Malaria is a globally important parasitic infectious disease transmitted between humans by mosquitoes.

In 2016, 216 million people worldwide were infected and over 400,000 people died from malaria, around 90% of whom were in sub-Saharan Africa; that’s one death every two minutes. This is a tragedy for a disease which is largely treatable.

Eliminating malaria is an international priority which doesn’t just save lives but contributes to key global Sustainable Development Goals.

The challenge of controlling malaria

Malaria is transmitted between humans by mosquitoes. Although there are five species of malaria that infect humans, most human disease is caused by just two, Plasmodium vivax and P. falciparum. Together they account for over 400,000 deaths every year, ninety per cent of which occur in Africa.

Significant international effort over the last 20 years means that this number is now around half of what it was in the year 2000. Although malaria transmission is influenced by a number of factors, including climate and land use, it is likely that the main contributors to recent reductions in transmission have been human interventions: the widespread use of insecticide treated bednets, which stop infected mosquitoes from biting people and therefore infecting them, and the better use of drugs to treat disease. It is with renewed confidence then, that the global community has articulated a grand plan to eradicate malaria by 2040.

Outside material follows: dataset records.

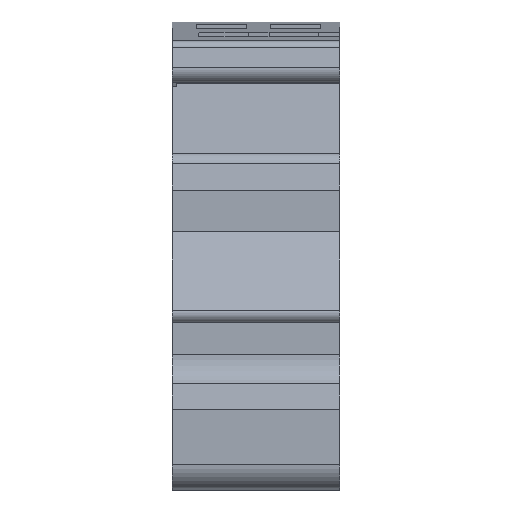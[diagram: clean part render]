
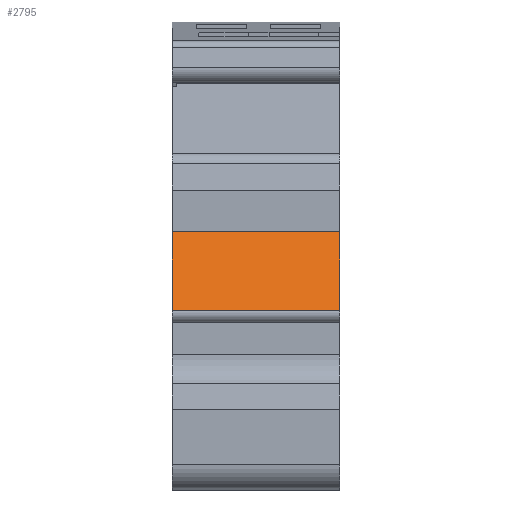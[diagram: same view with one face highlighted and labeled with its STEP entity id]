
A CAD part, left-side view. The second image highlights one B-rep face of the part: STEP entity #2795.
In plain terms, the highlighted planar face has unit normal (-0.921, 0, 0.389).
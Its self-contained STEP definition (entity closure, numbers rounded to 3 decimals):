
#448=ORIENTED_EDGE('',*,*,#1178,.T.);
#449=ORIENTED_EDGE('',*,*,#1179,.T.);
#450=ORIENTED_EDGE('',*,*,#1180,.F.);
#451=ORIENTED_EDGE('',*,*,#1176,.T.);
#1176=EDGE_CURVE('',#1528,#1527,#1831,.T.);
#1178=EDGE_CURVE('',#1527,#1529,#1833,.T.);
#1179=EDGE_CURVE('',#1529,#1530,#1834,.T.);
#1180=EDGE_CURVE('',#1528,#1530,#1835,.T.);
#1527=VERTEX_POINT('',#4338);
#1528=VERTEX_POINT('',#4340);
#1529=VERTEX_POINT('',#4344);
#1530=VERTEX_POINT('',#4346);
#1831=LINE('',#4339,#2178);
#1833=LINE('',#4343,#2180);
#1834=LINE('',#4345,#2181);
#1835=LINE('',#4347,#2182);
#2178=VECTOR('',#3501,1000.);
#2180=VECTOR('',#3505,1000.);
#2181=VECTOR('',#3506,1000.);
#2182=VECTOR('',#3507,1000.);
#2390=EDGE_LOOP('',(#448,#449,#450,#451));
#2537=FACE_BOUND('',#2390,.T.);
#2675=PLANE('',#2981);
#2795=ADVANCED_FACE('',(#2537),#2675,.T.);
#2981=AXIS2_PLACEMENT_3D('',#4342,#3503,#3504);
#3501=DIRECTION('',(0.,1.,0.));
#3503=DIRECTION('',(-0.921,0.,0.389));
#3504=DIRECTION('',(0.389,0.,0.921));
#3505=DIRECTION('',(-0.389,0.,-0.921));
#3506=DIRECTION('',(0.,-1.,0.));
#3507=DIRECTION('',(-0.389,0.,-0.921));
#4338=CARTESIAN_POINT('',(-16.5,5.,0.));
#4339=CARTESIAN_POINT('',(-16.5,-5.,0.));
#4340=CARTESIAN_POINT('',(-16.5,-5.,0.));
#4342=CARTESIAN_POINT('',(-16.5,46.895,0.));
#4343=CARTESIAN_POINT('',(-6.403,5.,23.895));
#4344=CARTESIAN_POINT('',(-18.488,5.,-4.705));
#4345=CARTESIAN_POINT('',(-18.488,-5.,-4.705));
#4346=CARTESIAN_POINT('',(-18.488,-5.,-4.705));
#4347=CARTESIAN_POINT('',(-16.5,-5.,0.));

However, there are at least two important sets of challenges to this ambitious proposal. Firstly, the fight against malaria is being prolonged by a lack of sustained financial and political commitment and regional collaboration at the highest levels. Recent progress is fragile and dependent upon continued funding into the generation and application of interventions at scale. The last thing that the global fight against malaria needs now is complacency lest it become a victim of its own recent, yet historically modest, success.

The second set of challenges relate to the biology of malaria. Just as we are starting to make real gains, the parasite is beginning to fight back, and progress is in danger of being reversed because the parasite is evolving resistance to our drugs and this resistance is spreading. Therefore a crucial part of the global strategy for malaria control is to monitor the spread of antimalarial drug resistance, and identify and contain drug resistant strains when they’re found.

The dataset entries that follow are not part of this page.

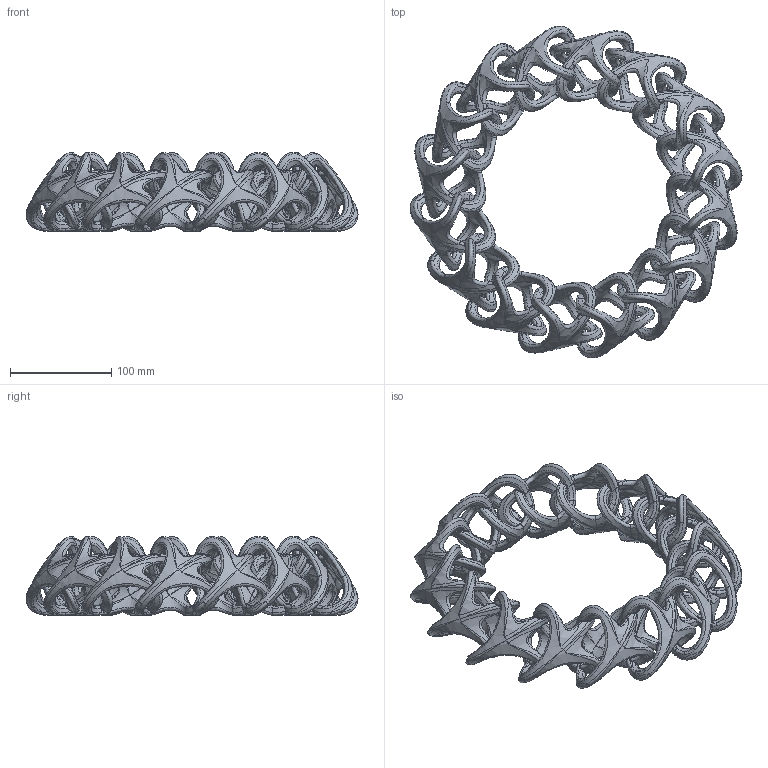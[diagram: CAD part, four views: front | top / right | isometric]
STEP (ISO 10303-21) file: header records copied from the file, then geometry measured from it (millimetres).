
FILE_DESCRIPTION(('FreeCAD Model'),'2;1');
FILE_NAME('Open CASCADE Shape Model','2025-05-04T09:46:05',('FreeCAD'),( 'FreeCAD'),'Open CASCADE STEP processor 7.6','FreeCAD','Unknown');
FILE_SCHEMA(('AUTOMOTIVE_DESIGN { 1 0 10303 214 1 1 1 1 }'));
Products named in the file (1): Open CASCADE STEP translator 7.6 1
Bounding box: 327.14 x 327.14 x 77.55 mm (x, y, z)
Volume: 611433.9 mm3; surface area: 221907 mm2
Topology: 1 solids, 1 shells, 2384 faces, 5872 edges, 3104 vertices
Faces by surface type: bspline 2384
Entity records: 140293 total; most frequent: CARTESIAN_POINT 107828, ORIENTED_EDGE 11232, EDGE_CURVE 5616, B_SPLINE_CURVE_WITH_KNOTS 3280, VERTEX_POINT 3104, ADVANCED_FACE 2384, FACE_BOUND 2384, EDGE_LOOP 2384

On top of this, the dynamics of malaria transmission are complex. For example, as parasite prevalence drops, fewer people are infected, which is clearly a good thing. However, this reduction in malaria endemicity (disease intensity) alters the rules of engagement between people and parasite. In the most endemic settings, many people will be infected by parasites, leading to high levels of asymptomatic infection due to the acquisition of functional immunity that comes from frequent exposure to the parasite. But as endemicity drops, by definition the number of people infected drops which leads to lower levels of natural immunity. Both the spread of drug-resistant infections in endemic regions, and the dynamics of infection in low endemicity settings, can therefore behave more like a disease outbreak.

The case for surveillance

So, to control and eventually eliminate malaria we need to continue to push for financial and political action and develop innovative ways of monitoring parasite and mosquito populations. We need to be able to assess levels of antimalarial drug and insecticide resistance, to understand where resistance first occurs and how it spreads, and to identify how interventions are affecting populations. What we need, in other words, is some sort of surveillance system.

A number of different types of data are currently used to understand malaria parasite and vector populations, but none has more potential for inferring key aspects of populations than genomic analysis. DNA sequencing can provide both up-to-date information about which drugs a parasite is resistant to and where a new infection comes from. This is because drug resistance is the result of mutations in the parasite genome, and by comparing an unknown parasite genome to a reference database, we can understand where it comes from.

Traditionally, genome sequencing has been expensive and lab-based, and global parasite reference datasets have been unavailable. However, recent advances in mobile genetic sequencing and the development of cloud-based genome analytics with MalariaGEN, the largest repository of parasite and mosquito sequence data in the world, mean that we now have the tools to take genetic sequencing into the field and provide the necessary information to malaria control programs, in close to real time.